- Born: November 15, 1953 (age 72) Khumjung, Nepal
- Organization: Asian Trekking Pvt. Ltd.

= Ang Tshering Sherpa (mountaineer) =

Nepali mountaineer

Ang Tshering Sherpa (born 15 November 1953) is a Nepalese mountaineer, who belongs to the Sherpa ethnic group and is president of the Nepal Mountaineering Association and Honorary Consul of Belgium.

Ang Thesring Sherpa grew up in Khumjung, a village in the Everest area between Namche Bazar and Tengboche. He was one of the first graduates of a local school founded by Sir Edmund Hillary.

He started working as a porter in mountain tourism in the early 70s. In 1982 he founded Asian Trekking Pvt. Ltd., one of the largest trekking and expedition agencies in Nepal and Tibet. Sherpa studied MBBS for three years at Darbhanga Medical College.

Sherpa is also the founder of now-defunct Asian Airlines and Skyline Airways.
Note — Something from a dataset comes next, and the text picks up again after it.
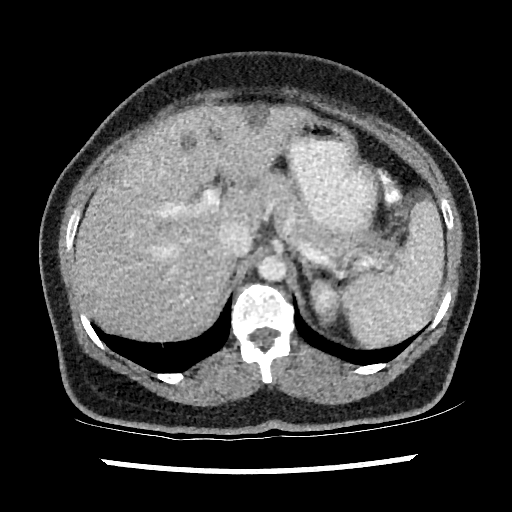
Computed tomography.

Liver = [x1=73, y1=105, x2=305, y2=338].
Kidney = [x1=318, y1=287, x2=333, y2=307].
Liver lesion = [x1=243, y1=178, x2=257, y2=188], [x1=80, y1=292, x2=96, y2=311], [x1=108, y1=171, x2=116, y2=183], [x1=181, y1=131, x2=196, y2=149], [x1=243, y1=107, x2=268, y2=128].

Since 1990, he has been on the Central Executive Board of the Nepal Mountaineering Association. From 2002 to 2011 he was president for three terms and now serves as the Immediate Past President. In addition, he is President of the Union of Asian Alpine Associations. In these functions he has been strongly committed to environmental protection and warns of the changes and dangers in the Himalayas caused by climate change.

In 2012, Sherpa was added to the list of Honorary Members of the Union Internationale des Associations d'Alpinisme.

He is married to a Belgian who heads the Belgian Consulate in Kathmandu. Ang Tshering Sherpa was appointed Honorary Consul of Belgium. He is general representative of the mountain association of China and Tibet.